Larsen finished with Jumper's left hand and started working on his right. Everything hurt like heck, but he endured. He'd managed to survive breaking every bone in his body. Two burns shouldn't be that much worse.
"Shut it, O'Neal," Larsen said. "We can deal with everything when we get to the hospital. Right now we need to get the treatment over with and get eyewitness testimony. If you have nothing better to do, there are a bunch of other people we need statements from. Ask Barron if you're stuck."
"I don't want to take orders from someone under review," O'Neil replied.
"Then take a recommendation from me," the other officer said. "We need more people getting statements. You and Richardson should get on that."
As the two officers left, Jumper tried moving his bandaged hand. It just hurt worse, so he quit. Larsen finished with his right hand and helped him up, making sure not to touch the bandaged area.
"Thanks," Jumper mumbled. Larsen and the other officer smiled at him.
"Now we should get to the hospital so they can do better than our stopgap measures," she said.
"No." Jumper looked around quickly. Panic was starting to set in as he realized they would probably identify him soon enough. That felt like it would mean his life was over.
"You got a better idea?" Larsen asked sarcastically. "Wait and hope you don't get an infection? They've also got stuff that should help speed up the healing."
"Do you promise to keep his identity secret?" Achilles asked.
"It's not up to us," Larsen replied. "You'd have to ask the sergeants.
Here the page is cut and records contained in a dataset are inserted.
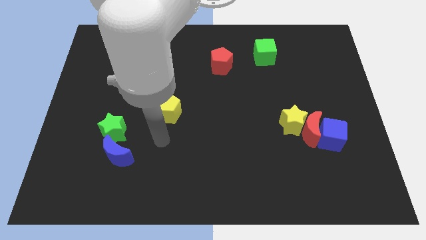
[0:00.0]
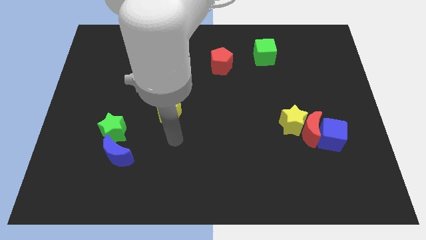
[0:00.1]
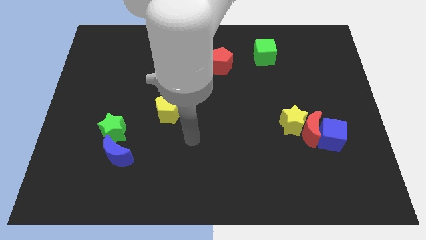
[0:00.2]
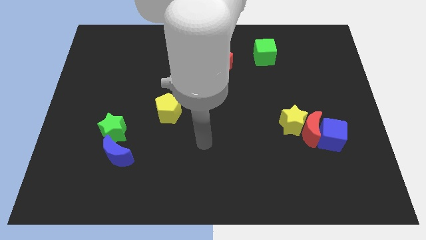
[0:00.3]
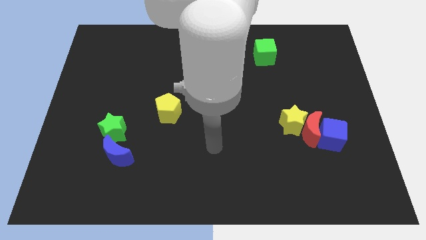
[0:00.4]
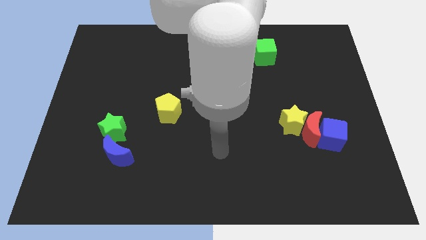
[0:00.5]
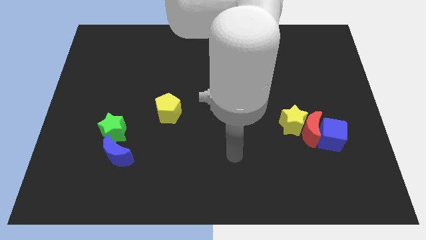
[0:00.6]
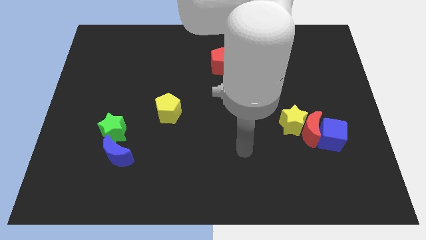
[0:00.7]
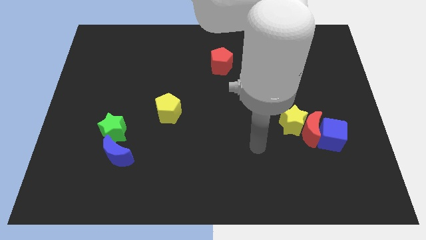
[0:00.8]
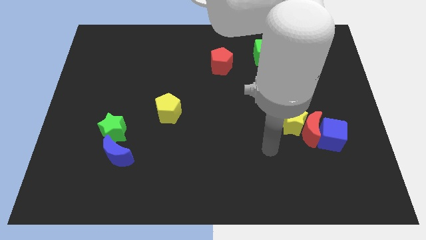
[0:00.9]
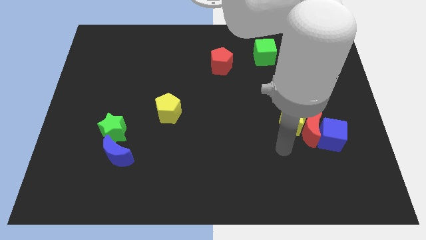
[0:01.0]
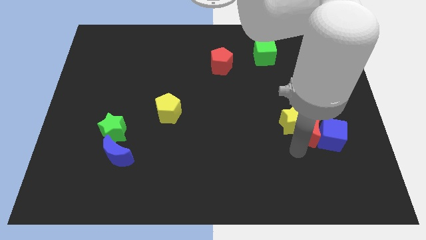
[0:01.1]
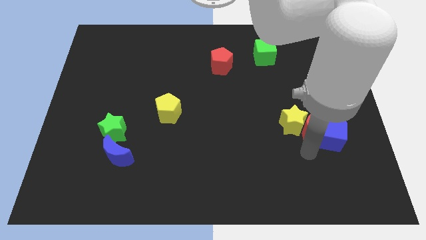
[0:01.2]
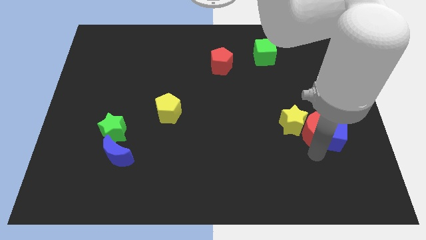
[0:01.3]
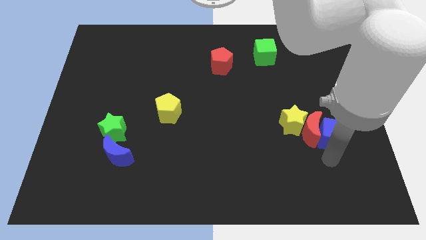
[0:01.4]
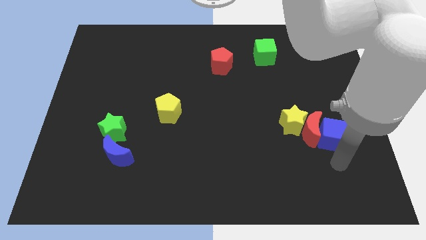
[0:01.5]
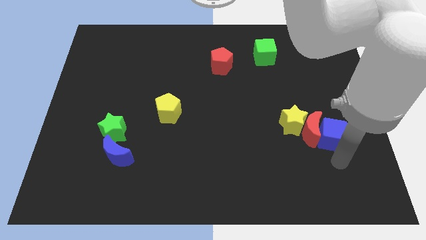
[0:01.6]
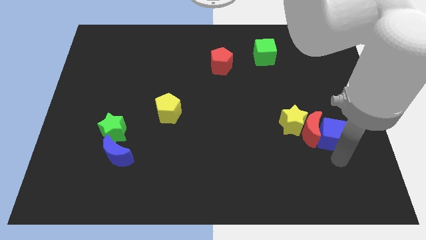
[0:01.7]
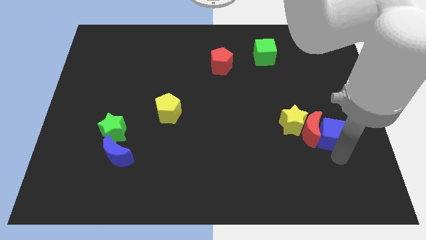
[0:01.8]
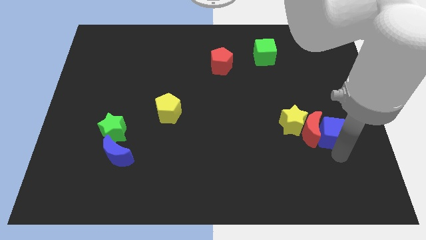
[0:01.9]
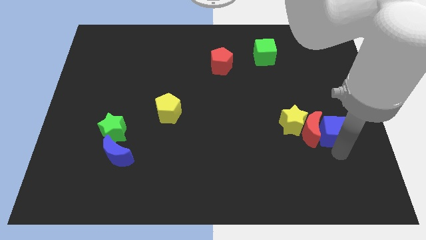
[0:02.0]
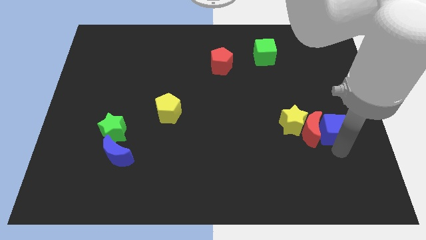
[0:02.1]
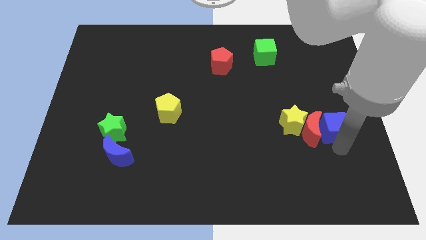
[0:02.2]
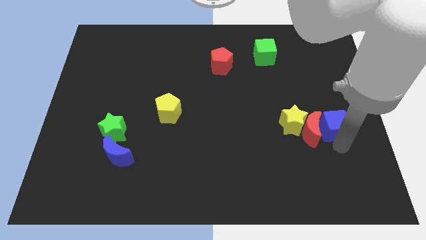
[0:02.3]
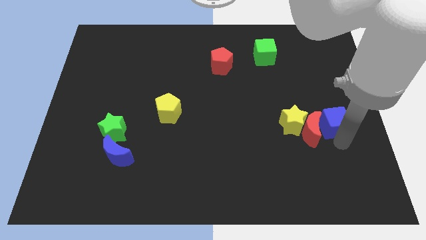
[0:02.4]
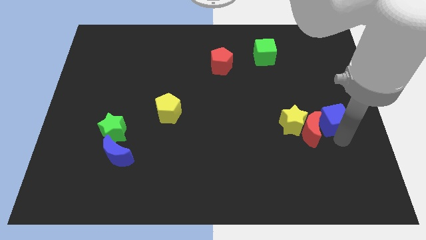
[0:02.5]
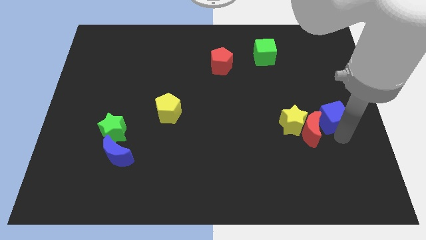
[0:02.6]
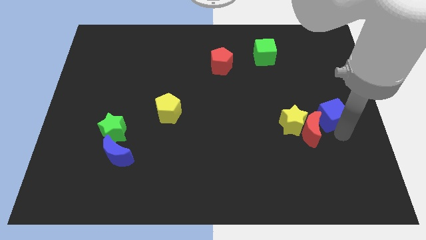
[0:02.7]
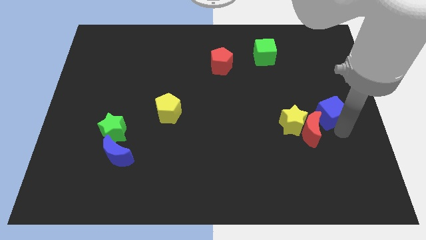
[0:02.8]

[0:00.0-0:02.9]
slide the blue cube to the top right side of the yellow star

And they might not be able to make that call either."
Jumper took a couple steps away from the wall, examining his hands. The bandages made it look less bad, but everything still hurt. He was not going to that hospital. With one last look at the officers telling him to go with them, he crouched and launched himself upward.
Three whole levels.
There was yelling below him as he started running home. He was late. He ripped off the popcorn bag once he was away from people and stuck his hands in his pockets as he walked home. The pockets seriously hurt, but he endured it.